Fix High Disk Usage and Restore Write Access in Elasticsearch - Elasticsearch - Alibaba Cloud - Elasticsearch

When disk usage on an Alibaba Cloud Elasticsearch cluster exceeds 85%, Elasticsearch automatically restricts write access to protect data integrity. This topic explains the root cause, how to restore write access quickly, and how to prevent recurrence.

Important

Disclaimer: This topic may contain information about third-party products. Such information is only for reference. Alibaba Cloud does not make any guarantee, express or implied, with respect to the performance and reliability of third-party products, as well as potential impacts of operations on the products.

Symptoms

Write requests fail with: FORBIDDEN/12/index read-only / allow delete (api)
Cluster health status is red. Run GET /_cat/nodes?v to check whether nodes have rejoined the cluster. Run GET /_cat/allocation?v to check shard allocation.

Note
Red cluster health means primary shards are unavailable. Data may be at risk.
Kibana returns internal server error when creating ingest pipelines or enrolling Beats
Cluster or Kibana monitoring shows disk usage approaching 100%

Root cause

Disk usage thresholds

Elasticsearch monitors disk usage continuously and enforces three watermark thresholds:

85% — low watermark: Elasticsearch stops allocating new shards to this node.
90% — high watermark: Elasticsearch relocates existing shards to nodes with more free disk space.
95% — flood stage: Elasticsearch sets the read_only_allow_delete attribute on all indexes, blocking all write operations.

In addition to disk watermark thresholds, the following conditions may also cause write failures or alerts. Investigate these causes together:

Shard count limit reached

By default, each data node in an Elasticsearch cluster supports up to 1,000 shards. You can verify the current limit by running GET /_cluster/settings?include_defaults=true&flat_settings=true and checking the cluster.max_shards_per_node parameter. When the shard count exceeds the limit, Logstash cannot write logs and new indexes cannot be created.

As a temporary workaround, run the following command to increase the shard limit:

PUT /_cluster/settings
{
  "transient": {
    "cluster": {
      "max_shards_per_node": 2000
    }
  }
}

Note

Make sure to add a space after PUT in the command.

For a long-term solution, clean up expired or unused indexes, or add more data nodes to the cluster.

System index lifecycle policies

If disk usage fluctuates frequently but no custom Index Lifecycle Management (ILM) policies are configured, the fluctuation may be caused by the default lifecycle policies of system indexes, such as .monitoring-es-* and .monitoring-kibana-*. These indexes are automatically created daily, and old indexes are automatically deleted. This is normal behavior.

Resource correlation impact

High disk usage may be accompanied by high JVM memory usage (for example, reaching 90%) and node anomalies, which may prevent Kibana from connecting. In this case, scale up both disk capacity and memory resources. If the cluster is unhealthy, enable forced changes during the configuration upgrade. Perform the operation during off-peak business hours to avoid service disruption caused by node restarts.

Quick fix (10–15 minutes)

Delete old or unused indexes to free disk space.

Warning
Deleted data cannot be restored. To preserve data, consider increasing storage capacity instead.
```
curl -u <username>:<password> -XDELETE http://<host>:<port>/<index-name>
```
- <host> is your cluster's internal or public endpoint. Configure the access allowlist before running this command.
- If the cluster is unresponsive, trigger a forced restart and run this command during the restart.
Remove the read-only lock.

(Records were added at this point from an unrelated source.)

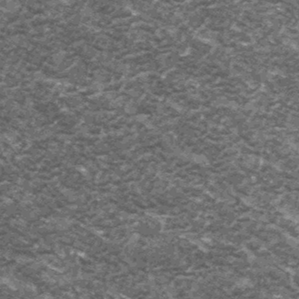
Label: frost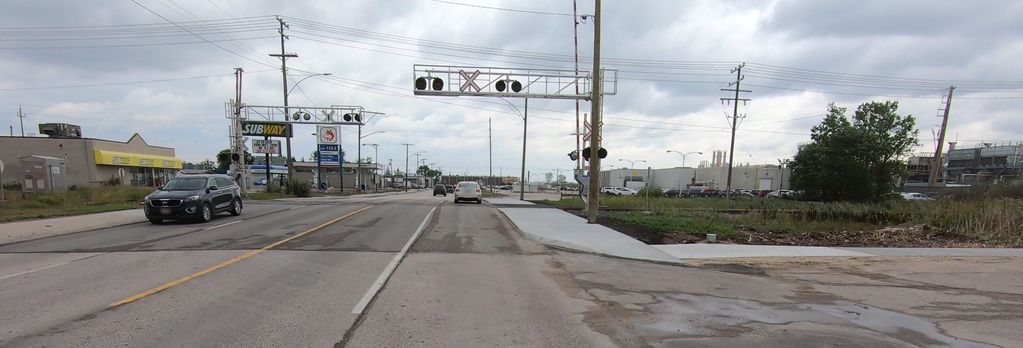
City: winnipeg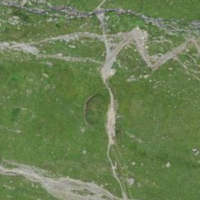
EUNIS habitat code: 23
Species observed at this site:
Geum montanum

Freeing disk space does not automatically lift the write block. Clear it by setting index.blocks.read_only_allow_delete to null:
```
PUT /_all/_settings
{
   "index.blocks.read_only_allow_delete": null
}
```
Verify cluster health. If the status is still red, run GET /_cat/allocation?v to check for unassigned shards.
If unassigned shards remain, run GET /_cluster/allocation/explain to identify the cause. If the output shows exhausted allocation retries (as in the screenshot below), run POST /_cluster/reroute?retry_failed=true.
If the cluster health status remains red after all recovery steps, contact Alibaba Cloud technical support.

FAQ

Why does the Elasticsearch console show normal cluster status but I still receive disk usage alerts?

A normal cluster status on the console only indicates that the cluster is currently available. However, disk usage may have already reached the alert threshold (for example, 91%). Although high disk usage has not immediately triggered read_only mode, it is approaching the critical watermark — at 95%, forced read-only mode is triggered, and write operations can be blocked at any time.

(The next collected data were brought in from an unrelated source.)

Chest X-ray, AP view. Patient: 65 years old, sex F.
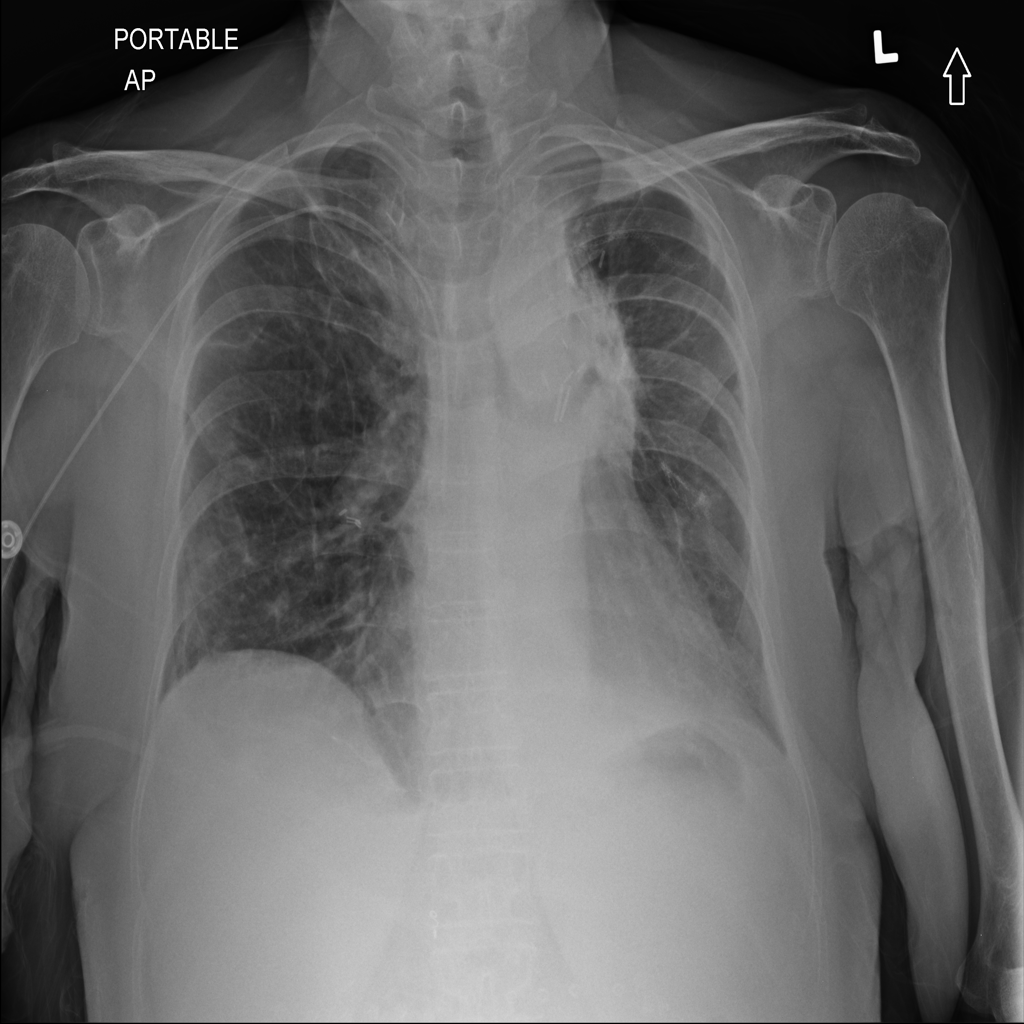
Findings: Atelectasis, Pleural_Thickening

We recommend that you immediately check the actual disk usage on the Cluster Monitoring page, and take one of the following actions to eliminate the risk:

Scale up the disk capacity.
Clean up unused or expired indexes.

Prevention

Enable disk usage monitoring and configure alerts to fire when usage exceeds 80%. Route alerts to your operations team so they can act before the flood stage is reached. For setup instructions, see Configure monitoring and alerting.